RELATED: How to Strengthen Small and Weak Muscles
Rest-Pause Sets
Rest-Pause training focuses on increasing the number of reps performed in a set by including micro-rest periods. A typical Rest-Pause set is programmed like this:
6-8RP2.
This notation means choosing a weight that is heavy at 6-8 reps, and performing max reps to failure two times on 10 to 20 seconds of rest. The completed set might look like this:
- 7 reps
- Rest 15 seconds
- 4 reps
- Rest 15 seconds
- 2 Reps
- 13 Reps Total
In this system, you take a weight that is tough to complete eight reps and perform a total of 13! The amount of work with that weight increases significantly, stimulating increases in size and strength.

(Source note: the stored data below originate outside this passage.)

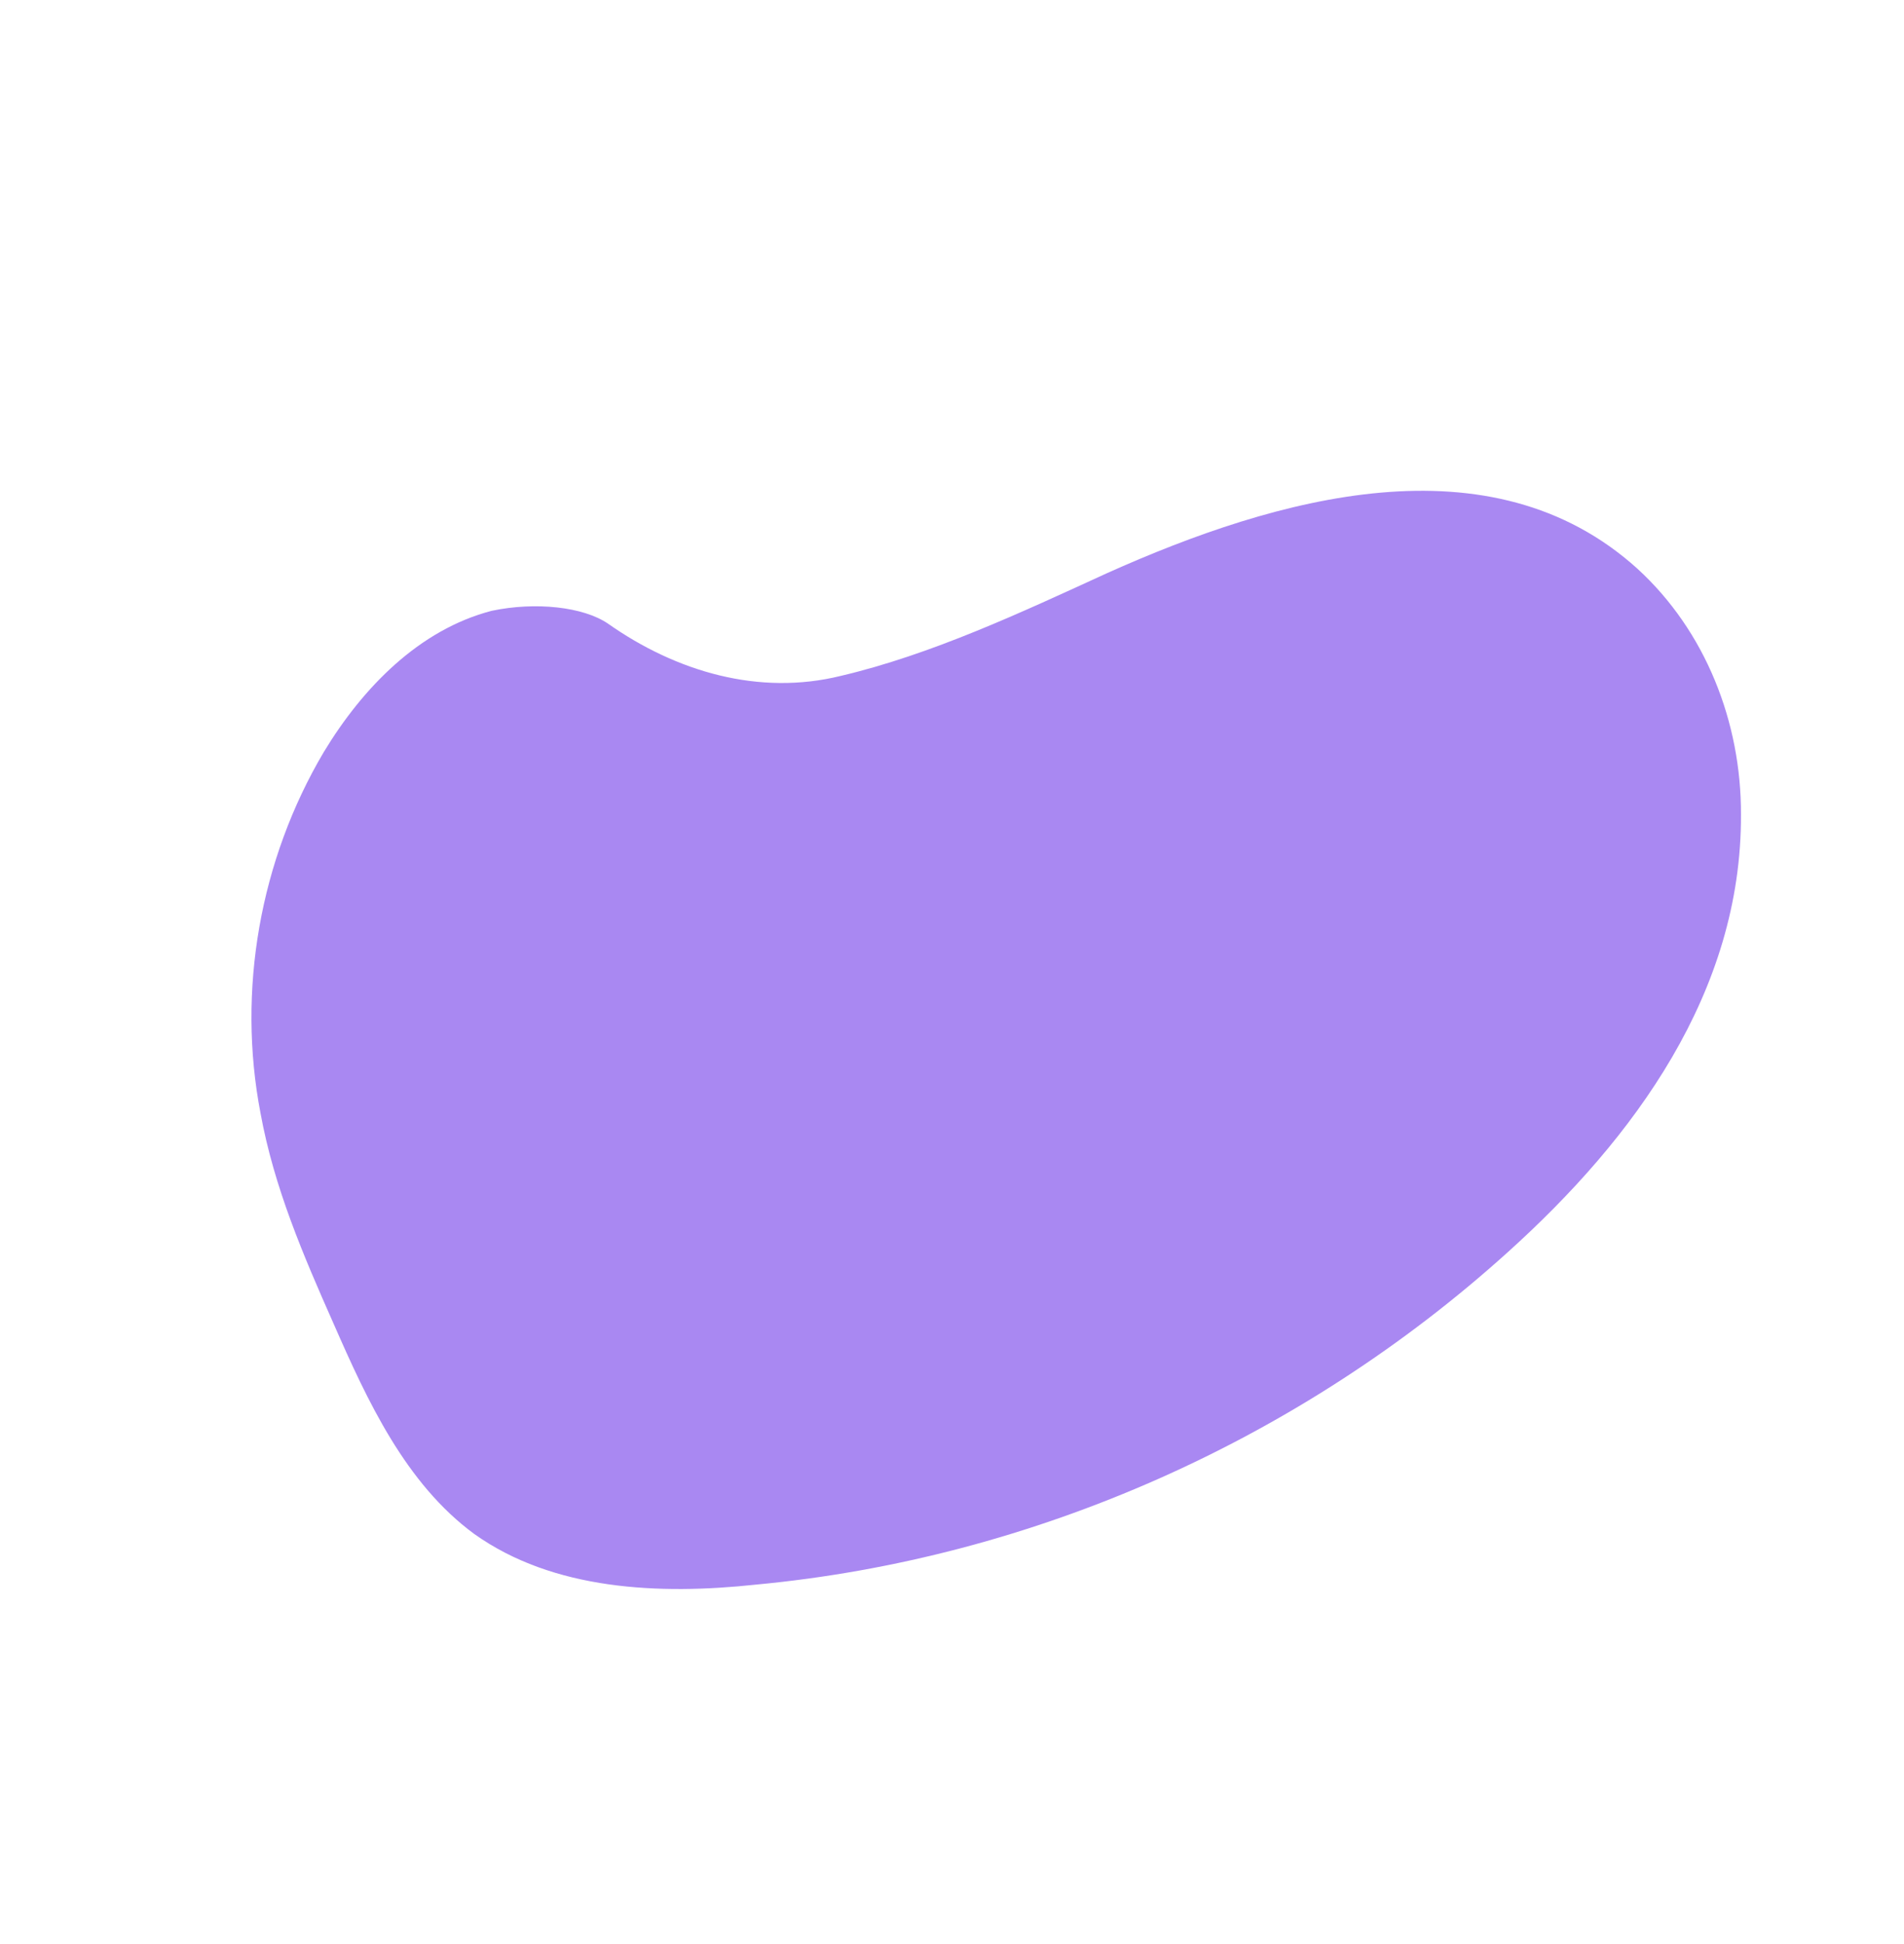 <svg width="386" height="394" viewBox="0 0 386 394" fill="none" xmlns="http://www.w3.org/2000/svg">
<path d="M123.241 126.392C137.131 136.171 153.913 141.07 170.426 137.002C188.801 132.69 207.073 124.127 224.477 116.152C258.882 100.729 302.239 88.392 331.961 115.276C345.765 127.909 353.014 146.38 352.949 165.102C353.096 201.088 331.287 230.725 305.735 253.748C263.727 291.727 209.653 315.897 153.251 321.186C133.628 323.294 112.166 322.327 96.16 310.931C82.207 300.686 74.481 283.936 67.612 268.258C61.461 254.381 55.575 240.706 52.822 225.671C48.011 200.721 52.716 174.282 65.631 152.448C73.566 139.323 85.013 127.631 99.663 123.808C108.65 121.915 118.28 123.017 123.241 126.392Z" fill="#A988F2"/>
</svg>
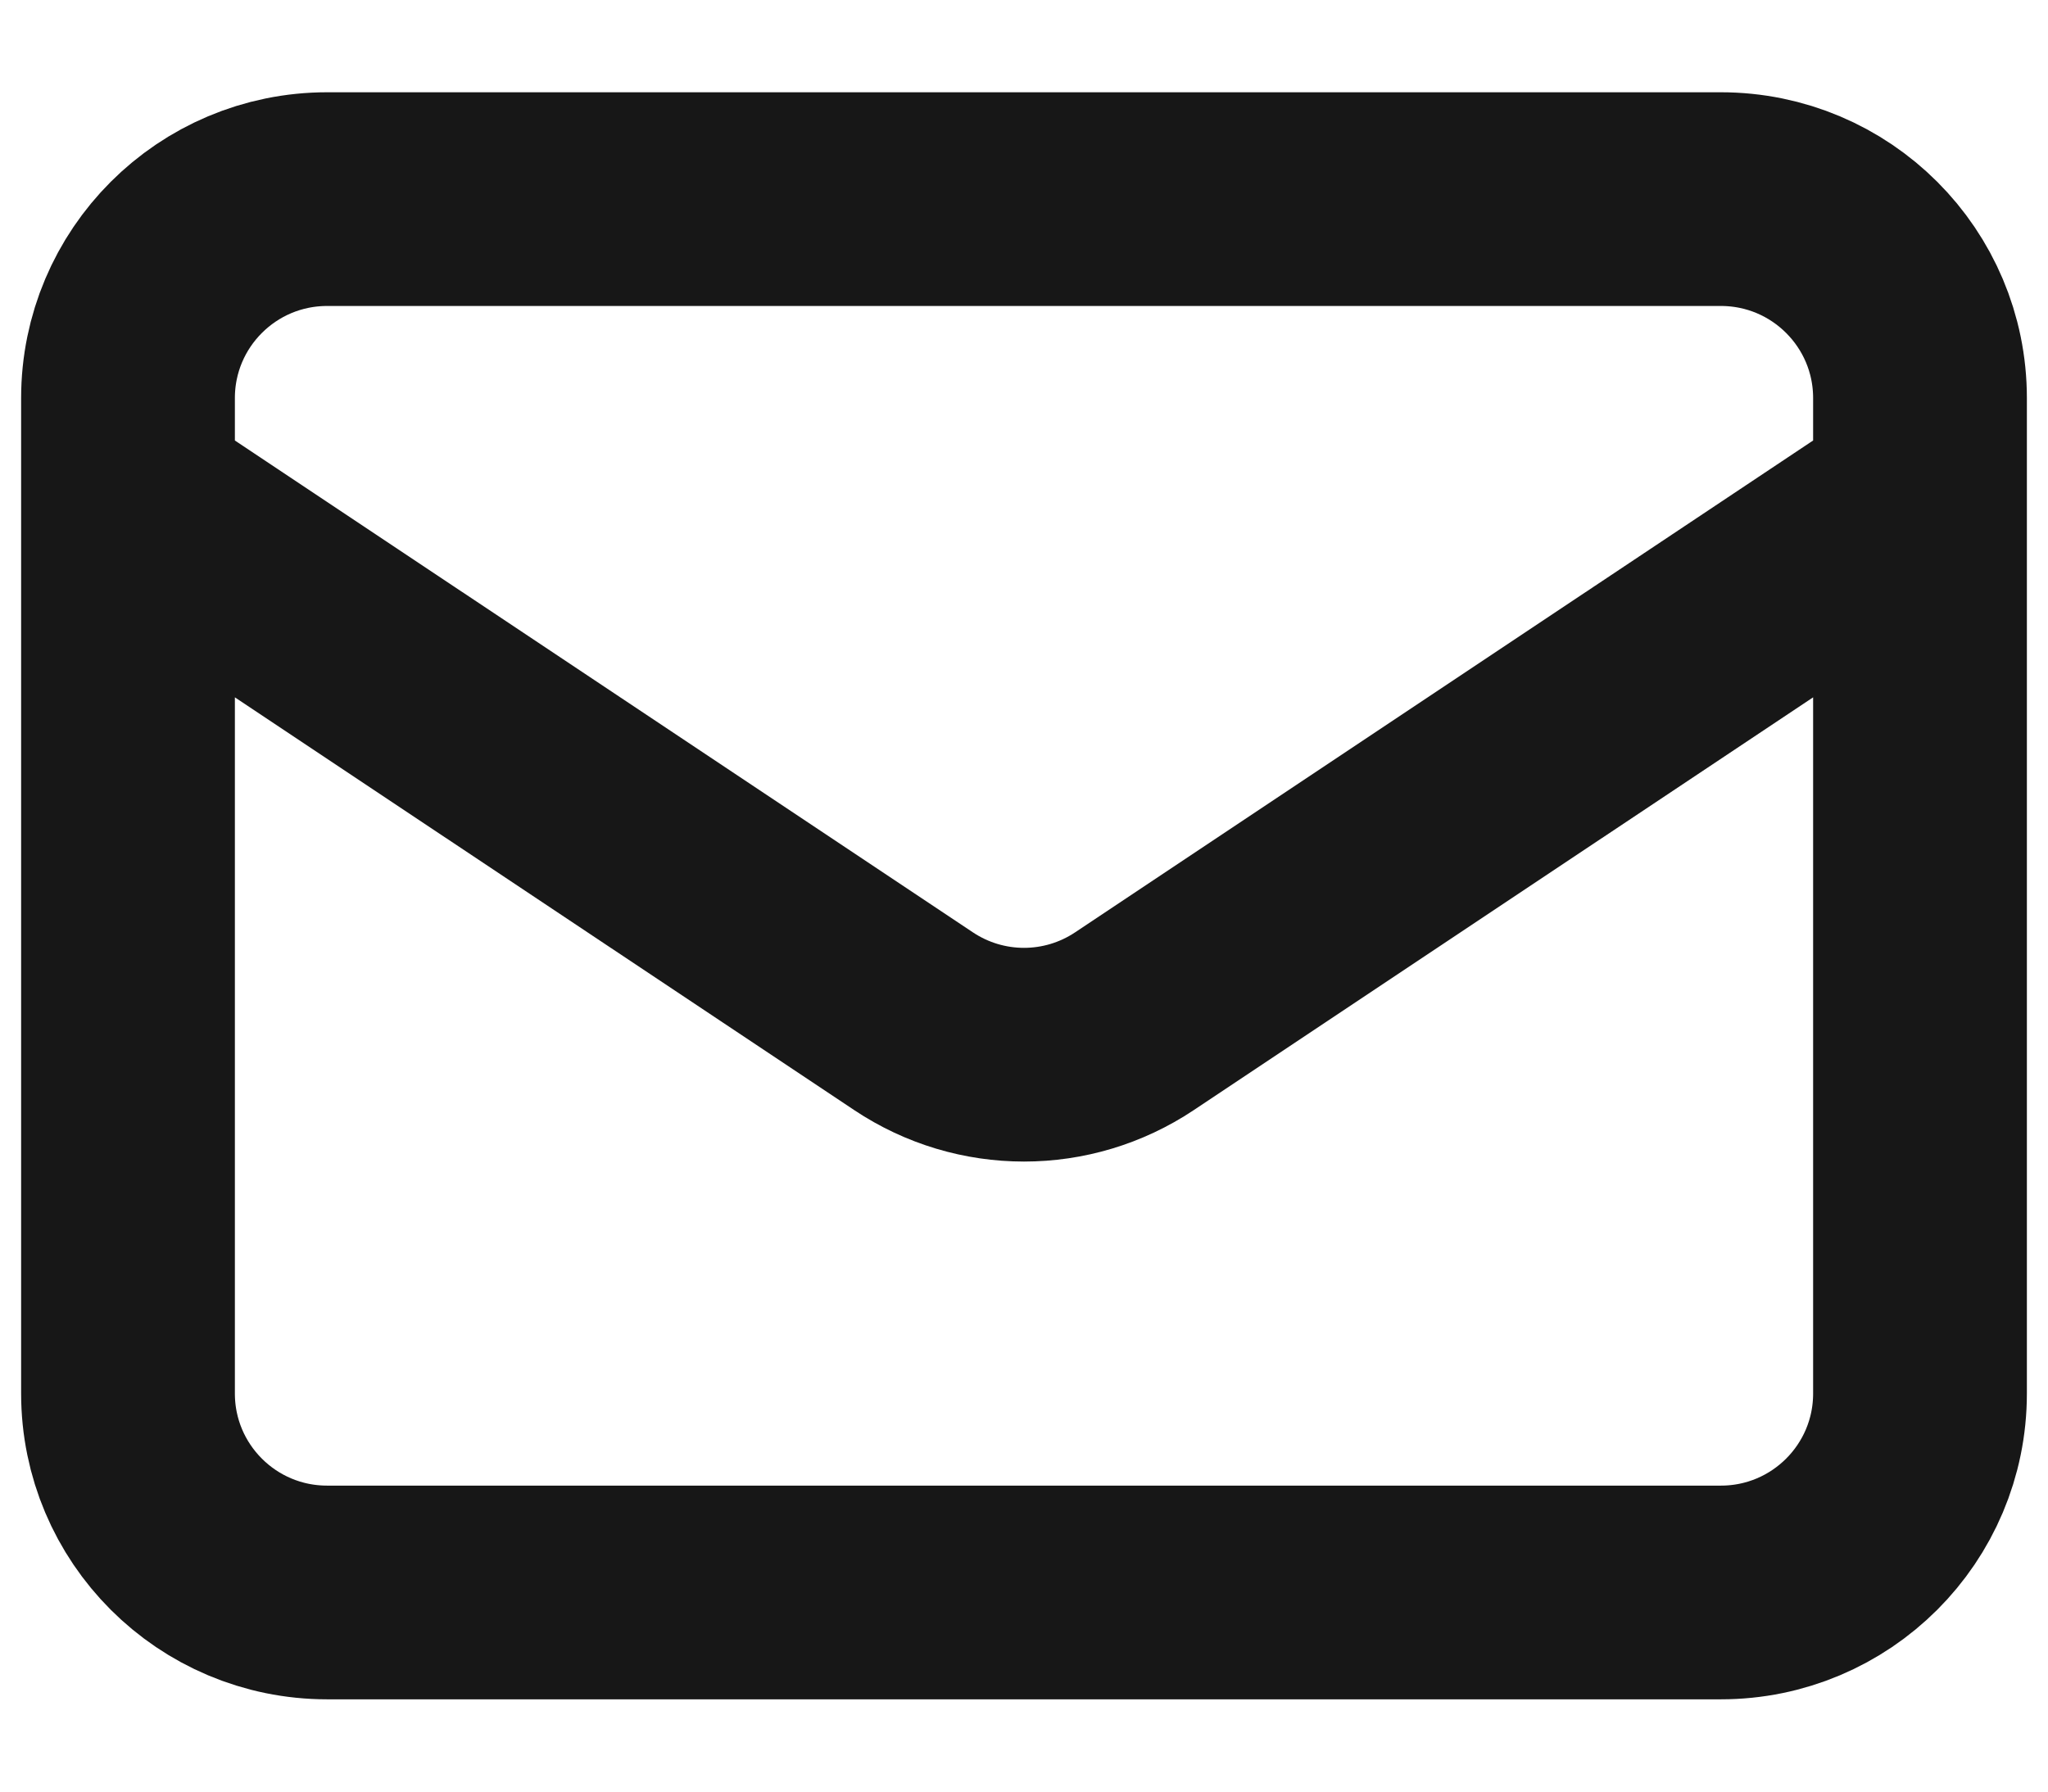 <svg width="16" height="14" viewBox="0 0 16 14" fill="none" xmlns="http://www.w3.org/2000/svg">
<path d="M1 3.889L7.137 7.98C7.66 8.329 8.34 8.329 8.863 7.98L15 3.889M2.556 12.444H13.444C14.304 12.444 15 11.748 15 10.889V3.111C15 2.252 14.304 1.556 13.444 1.556H2.556C1.696 1.556 1 2.252 1 3.111V10.889C1 11.748 1.696 12.444 2.556 12.444Z" stroke="#171717" stroke-width="1.67" stroke-linecap="round" stroke-linejoin="round"/>
</svg>

RELATED: Build Muscle Fast: Strength and Size When Time Is Limited
Rest-Pause Total Reps
The second way to employ this style of training is to complete a specific number of reps in as few sets as possible. This works great with exercises like Chin-Ups, Dips, Push-Ups and other bodyweight movements where the load is constant. It would be programmed as RP50, meaning complete 50 reps. For instance, if an athlete can perform a total of 10 Chin-Ups, you may want to give him an RP 25 or 30 and have him do a total of 25 reps of Chin-Ups. His sets might look like this:
- 8 Reps
- Rest 20 seconds
- 6 Reps
- Rest 20 seconds
- 5 Reps
- Rest 25 seconds
- 4 Reps
- Rest 25 seconds
- 2 Reps
- 25 Reps Total
Rest-Pause training is a great way to increase the density of your training, meaning the amount of work you can do in a specific time with a specific load. I have also used it effectively with athletes who are preparing for the 225-pound Bench Press test for football combines. In their programming I give them a specific number of reps to complete for the day, such as RP30 @ 225. Their goal is to complete 30 reps in as few sets as possible. Ideally, during each subsequent workout they will be able to complete the total number of reps in fewer sets, increasing their endurance, strength and Bench Press proficiency.
Final Recommendations
The number of reps depends on the main goal: either size or strength. Typical rep ranges for size are 10-12RP2, or 8-10RP2. More strength-oriented rep systems are 6-8RP2 or 4-6RP2. These set configurations work well for Presses, Pulls and Squat variations.
Rest-Pausing for total reps works great for accessory and bodyweight movements—where, as fatigue sets in, the movement does not become unsafe. Try employing RP50 or RP100 sets for arm exercises, Bodyweight Rows, Bodyweight Squats or even Chin-Up variations for more advanced athletes.